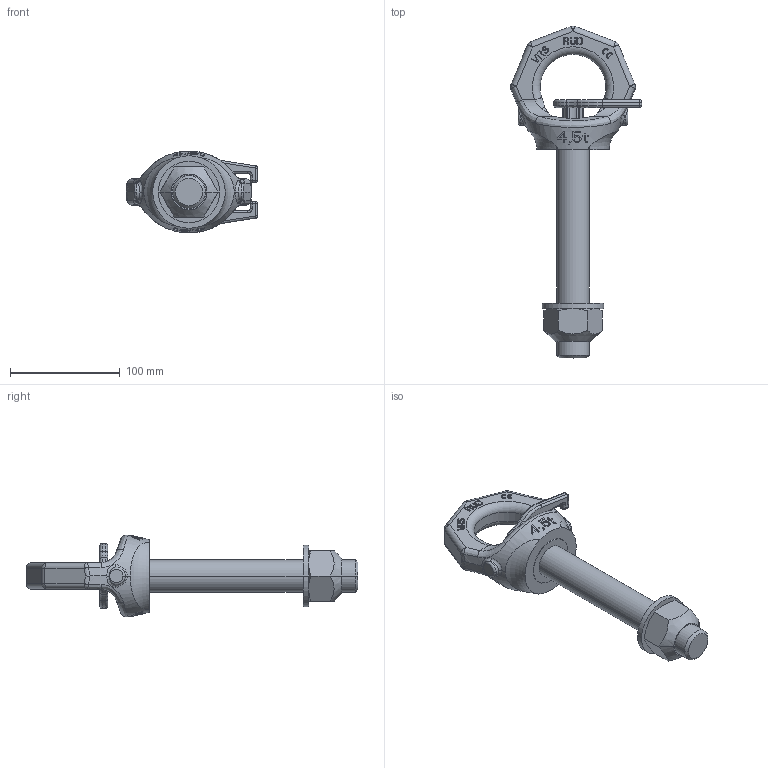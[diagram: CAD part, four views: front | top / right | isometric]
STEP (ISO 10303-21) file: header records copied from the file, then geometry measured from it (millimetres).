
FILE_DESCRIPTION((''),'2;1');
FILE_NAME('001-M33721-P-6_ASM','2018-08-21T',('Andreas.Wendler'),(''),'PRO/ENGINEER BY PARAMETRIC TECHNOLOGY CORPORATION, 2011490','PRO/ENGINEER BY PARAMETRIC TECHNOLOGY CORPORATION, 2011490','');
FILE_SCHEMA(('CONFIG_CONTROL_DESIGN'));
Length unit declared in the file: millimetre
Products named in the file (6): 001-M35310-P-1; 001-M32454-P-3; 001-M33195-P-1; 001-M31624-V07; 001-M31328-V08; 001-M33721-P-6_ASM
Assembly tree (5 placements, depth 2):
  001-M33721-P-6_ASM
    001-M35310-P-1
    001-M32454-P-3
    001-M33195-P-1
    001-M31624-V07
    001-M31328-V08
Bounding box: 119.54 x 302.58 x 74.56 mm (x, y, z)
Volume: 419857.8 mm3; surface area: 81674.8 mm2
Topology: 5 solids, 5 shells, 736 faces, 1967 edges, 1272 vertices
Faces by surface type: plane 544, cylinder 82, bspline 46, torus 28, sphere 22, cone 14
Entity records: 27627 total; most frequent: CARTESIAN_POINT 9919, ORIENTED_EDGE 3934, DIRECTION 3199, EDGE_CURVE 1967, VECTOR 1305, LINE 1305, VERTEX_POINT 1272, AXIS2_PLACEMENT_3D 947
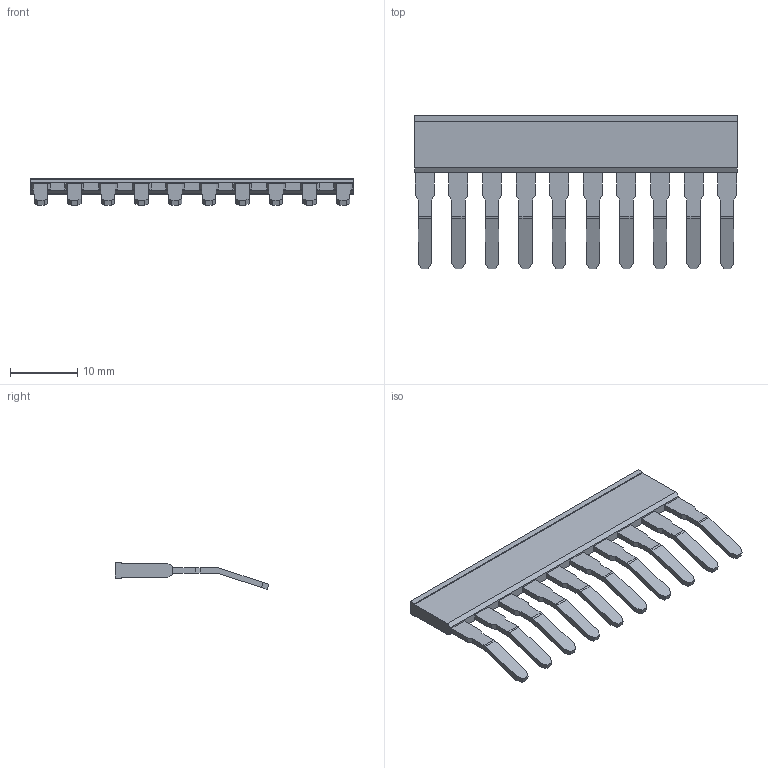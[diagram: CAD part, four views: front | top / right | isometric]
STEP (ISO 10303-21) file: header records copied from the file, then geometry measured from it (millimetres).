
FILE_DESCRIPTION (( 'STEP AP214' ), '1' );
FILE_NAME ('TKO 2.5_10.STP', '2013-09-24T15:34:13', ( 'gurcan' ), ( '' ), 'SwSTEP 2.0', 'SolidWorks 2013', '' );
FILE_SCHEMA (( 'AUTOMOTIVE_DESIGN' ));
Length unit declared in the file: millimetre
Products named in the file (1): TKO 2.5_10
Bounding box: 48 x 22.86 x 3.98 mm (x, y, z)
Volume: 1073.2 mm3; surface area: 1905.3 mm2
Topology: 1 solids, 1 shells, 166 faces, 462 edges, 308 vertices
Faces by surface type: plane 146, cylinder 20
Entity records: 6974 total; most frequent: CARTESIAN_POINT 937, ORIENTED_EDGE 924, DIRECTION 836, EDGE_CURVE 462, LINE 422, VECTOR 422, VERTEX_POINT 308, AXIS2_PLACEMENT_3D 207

PROBLEM STATEMENT:
Please set down the whole listing above exactly and skip every picture.

ANSWER BOX:
[diagram: CAD part, four views: front | top / right | isometric]
STEP (ISO 10303-21) file: header records copied from the file, then geometry measured from it (millimetres).
FILE_DESCRIPTION((''),'2;1');
FILE_NAME('001-M33721-P-6_ASM','2018-08-21T',('Andreas.Wendler'),(''),'PRO/ENGINEER BY PARAMETRIC TECHNOLOGY CORPORATION, 2011490','PRO/ENGINEER BY PARAMETRIC TECHNOLOGY CORPORATION, 2011490','');
FILE_SCHEMA(('CONFIG_CONTROL_DESIGN'));
Length unit declared in the file: millimetre
Products named in the file (6): 001-M35310-P-1; 001-M32454-P-3; 001-M33195-P-1; 001-M31624-V07; 001-M31328-V08; 001-M33721-P-6_ASM
Assembly tree (5 placements, depth 2):
  001-M33721-P-6_ASM
    001-M35310-P-1
    001-M32454-P-3
    001-M33195-P-1
    001-M31624-V07
    001-M31328-V08
Bounding box: 119.54 x 302.58 x 74.56 mm (x, y, z)
Volume: 419857.8 mm3; surface area: 81674.8 mm2
Topology: 5 solids, 5 shells, 736 faces, 1967 edges, 1272 vertices
Faces by surface type: plane 544, cylinder 82, bspline 46, torus 28, sphere 22, cone 14
Entity records: 27627 total; most frequent: CARTESIAN_POINT 9919, ORIENTED_EDGE 3934, DIRECTION 3199, EDGE_CURVE 1967, VECTOR 1305, LINE 1305, VERTEX_POINT 1272, AXIS2_PLACEMENT_3D 947
[diagram: CAD part, four views: front | top / right | isometric]
STEP (ISO 10303-21) file: header records copied from the file, then geometry measured from it (millimetres).
FILE_DESCRIPTION (( 'STEP AP214' ), '1' );
FILE_NAME ('TKO 2.5_10.STP', '2013-09-24T15:34:13', ( 'gurcan' ), ( '' ), 'SwSTEP 2.0', 'SolidWorks 2013', '' );
FILE_SCHEMA (( 'AUTOMOTIVE_DESIGN' ));
Length unit declared in the file: millimetre
Products named in the file (1): TKO 2.5_10
Bounding box: 48 x 22.86 x 3.98 mm (x, y, z)
Volume: 1073.2 mm3; surface area: 1905.3 mm2
Topology: 1 solids, 1 shells, 166 faces, 462 edges, 308 vertices
Faces by surface type: plane 146, cylinder 20
Entity records: 6974 total; most frequent: CARTESIAN_POINT 937, ORIENTED_EDGE 924, DIRECTION 836, EDGE_CURVE 462, LINE 422, VECTOR 422, VERTEX_POINT 308, AXIS2_PLACEMENT_3D 207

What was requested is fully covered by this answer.